The 1780’s-90’s German crisis of Enlightenment triggered a coterminous Romantic movement, the third moment in the eighteenth century Industrial and French Revolutions, articulated by thinkers such as Hamann and Herder. They argued that Enlightenment universalism abstracts from context, and that its values are only apparently universal and eternal. Such universals, they argued, conceal amnesia about origins in specific historical conditions and are hence ethnocentric. Language is linked to a specific community, history, beliefs and values, and can never be raised to a level of universal abstraction. Kant’s notion of the origin of universal ethics of pure reason was rejected, as proved by the failure of the French Revolution to reconstruct society entirely from the bottom up according to purely rational foundations. Seeing violence against local cultures in Enlightenment universalism, Herder expressed a denial of unity on the basis of pure temporality in which values growing from differing cultural contexts are entirely incompatible. He suggested that the nation is a complete figure of sovereignty prior to historical development, entailing in essentialist fashion that all change is prefigured in the origin. As an ontological stance, it rejects the polar opposite of the eighteenth century jigsaw puzzle conception of universal knowledge in favor of localized knowledges.

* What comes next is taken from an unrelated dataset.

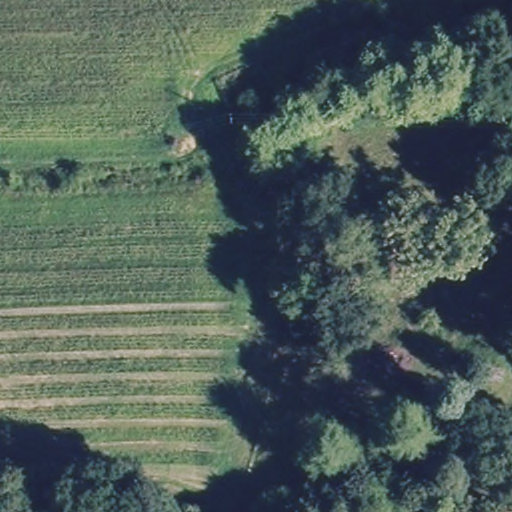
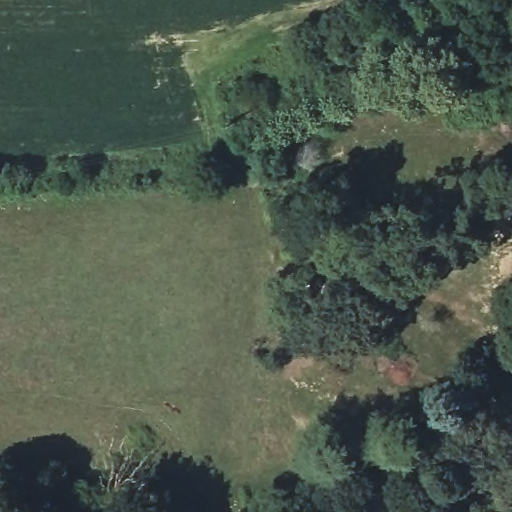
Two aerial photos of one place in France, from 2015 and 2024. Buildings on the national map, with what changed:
unchanged [(477,512),(512,501),(512,512),(477,512)]

Hegel was obsessed with these historicist, nihilist and theory/practice debates – in trying to synthesize the German Enlightenment and currents of romanticism, he conceived a historicist system while refusing to accept the relativist consequences of historicism. Rejecting first principles in favor of metaphysical systemicity, he rejected Kantian non-foundationalism (i.e. the goal for infinite but unrealizable striving) in insisting that dialectical rationalism can justify our most important moral and religious beliefs. That is, he sought closure in the cultural and political crisis of modernity through a totalizing historical move to a “conflict free” society, a dialectical middle way between dichotomous rational atheism and blind faith. This revival of total reason as a substantive means to access ultimate reality (along the anti-humanist lines of Leibniz and Spinoza) presented an alternative to Kant’s more humanist hope of minimizing the threat of violence through institutionally guaranteed openness and the negative stricture of the ‘categorical imperative.’ At bottom we have opposed views of self and the other. For Kant, the other remains the other, while for Hegel identity is absolute and the other is absorbed (yet, having said this, Kant had little appreciation for the other if he was not white and European). We see opposed views of the role of the state: for Kant, the legal function of the state is to maintain the open and dialogic character of civil society, while for Hegel the state supersedes the contradictions of civil society through a higher form of Reason. Concerning the category of culture between modernity and tradition, we see the same logic of dialectical supersession that applies to civil society on the road to the conflict free society. For Kant, the negative logic of the Categorical Imperative should permit the participation of all cultural values and meanings provided that they respect the limits of the Golden Rule; yet, because the a priori is a uniform logic grounded in the head rather than multiple democratic practices grounded in the world, it tends not to see the emancipatory potential in already existing social forms.
3. Non-violence
It is clear that within the Enlightenment-Romanticism traditions the problem of violence is more implicit than explicit – rather as all of the world religions discuss the power of non-violence in some of their aspects while often affirming violence in separate currents within the same historical tradition. For example, Saint Augustine’s Christian concept of the Just War – recycled to this day by statesmen justifying their aggression – sits uncomfortably with the historical precedent set by Christians as the world’s first passive resisters under Marcus Aurelius. Non-violence as an explicit practical philosophy has been voiced on the margins from the very beginning of the historical trajectory described here – for example, the Diggers in the English Civil War identified the contradiction in war as a road to freedom just as Cromwell justified violence in terms of the signs of Providence.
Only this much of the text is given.